For me, household chores morphed to something more therapeutic as the kids grew up and out of the house.  Taking out the trash became extra steps towards my ten thousand (we have a long driveway).  Washing dishes became a mini-spa of warm water and soap bubbles.  Making the bed and arranging its pillows channeled my inner Marie Kondo.  Folding clothes was how to avoid lazing on the couch while watching TV.  (On that note, an ironing board should be called a “clothes-folding board”, if you go by my folding minutes (100%) vs. ironing minutes (0%).

Lest you think me compulsive, a recent Wall Street Journal study comes to my rescue.  During these stay-at-home times – locked-down residents find similar stress relief in housework.  Washing windows allows the slow, deliberate wax-on-wax-off zen of “The Karate Kid”.  Cleaning countertops tempts flowing dance, like Julia Stiles in the diner in “The Prince and Me”.  Ironing doubles as light weightlifting. And vacuuming?  Nah, I got nothing there.  Vacuuming’s still just a chore.

The lovely Ms. Stiles and her diner dance

Headspace

Headspace, a software company focused on meditation and better sleep, includes housecleaning exercises on its app.  They recommend “quiet housework in dim lighting” just before bed (but then how do you see what you’re cleaning?) They want you to sweep the floor and wipe the counter in smooth, restorative motions.  Laugh all you want but the use of their “cleaning-related content” is up 20% since mid-March.

Household products are trending the same way.  Swiffer wants you to mop with “a clean home and a clear mind” and suggests a facial treatment while you’re at it.  They switch “clean the counter” to “give your surfaces a little TLC” (as if your surfaces are close friends).  Proctor & Gamble fortifies its “Gain” laundry detergent with essential oils like lavender and eucalyptus, touted for their calming effects. “Clear Your Mind with a Cooling Clean!  A Soothing Scent with a Mindful Twist!”
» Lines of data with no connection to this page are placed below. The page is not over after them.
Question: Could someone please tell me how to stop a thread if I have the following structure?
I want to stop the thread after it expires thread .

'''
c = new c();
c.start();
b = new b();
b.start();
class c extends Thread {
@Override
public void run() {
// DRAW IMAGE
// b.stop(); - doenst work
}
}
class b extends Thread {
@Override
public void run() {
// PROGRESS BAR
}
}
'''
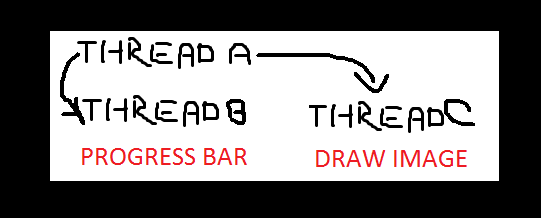
Answer: Don't use '.stop()' use 'interrupt()' instead
You need to check periodically in your 'b' thread if it gets interrupted, if interrupted , you can take proper actions -
'''
if(b.isInterrupted()){
//end your work
}
'''
'--->' <URL>
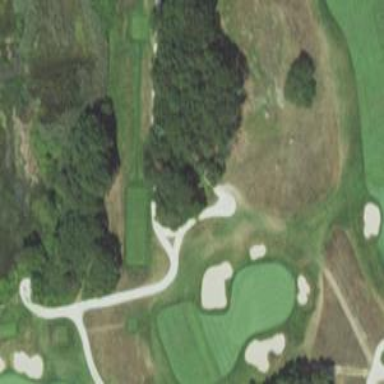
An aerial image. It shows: Service road designated as golf cart path.
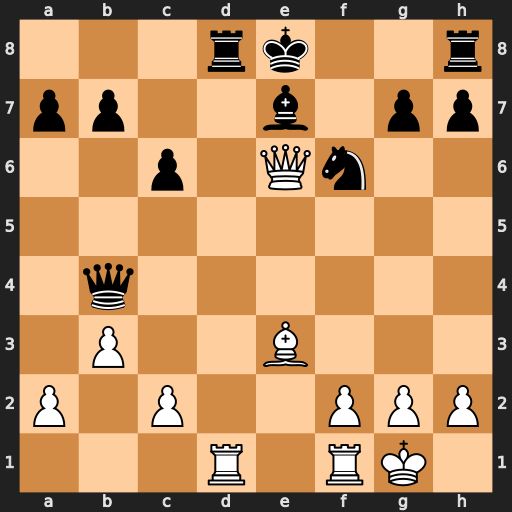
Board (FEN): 3rk2r/pp2b1pp/2p1Qn2/8/1q6/1P2B3/P1P2PPP/3R1RK1
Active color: w
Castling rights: k
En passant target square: -
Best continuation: Rxd8+ Kxd8 Rd1+ Kc7 c3
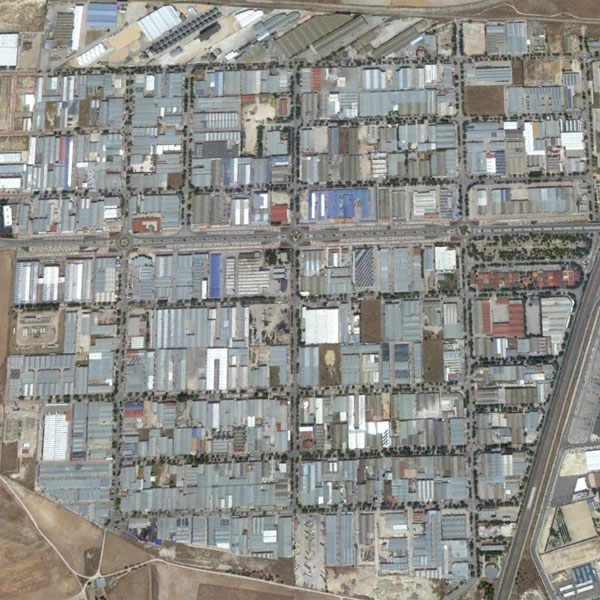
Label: Industrial
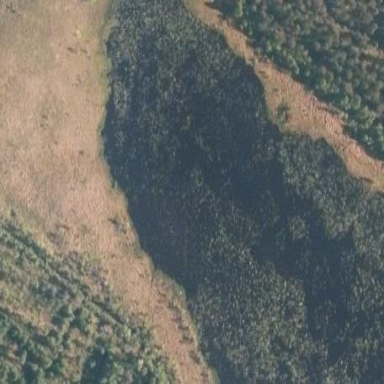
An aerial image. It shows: Wetland area.
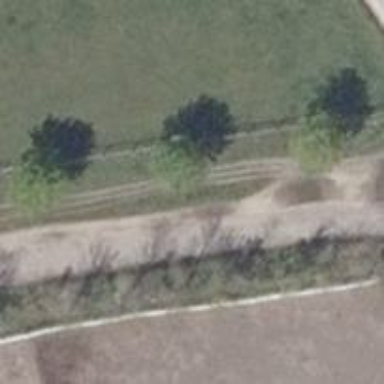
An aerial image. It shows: Service road with high-quality grade 1 track surface.
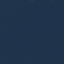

Call me one-in-five (not compulsive) because P&G research claims 20% of us clean to relax or reduce stress.  Sure, but we also clean to clean.

I never thought about laundry this way but the Journal article likens clothes-cleaning to problem-solving (which we guys are all about).  Sort the clothes, dose the detergent/softener, fold according to best-fit in drawers, and then put everything away.  It’s a process, and it’s a new puzzle every time.

To take it one step more spiritual, household chores are considered seva – a form of selfless-service.  Says one yogi about dirty dishes, “You’re reminding yourself you’re washing for the divine grace that flows through your husband, your wife, your children, or your parents.”  Whoa now.  Me, I’m just washing dishes.

I’ve neglected to mention another household chore: cleaning bathrooms.  It can be “healing” sponging the porcelain to a sparkling-white shine, conducting the bowl brush in large, lazy circles, or returning to nature in the gentle flow of the sink (waterfall) or toilet (whirlpool).  No, no, NO.  I don’t do bathrooms.  Not even if you ask Alexa to play “The Clean Up Song”.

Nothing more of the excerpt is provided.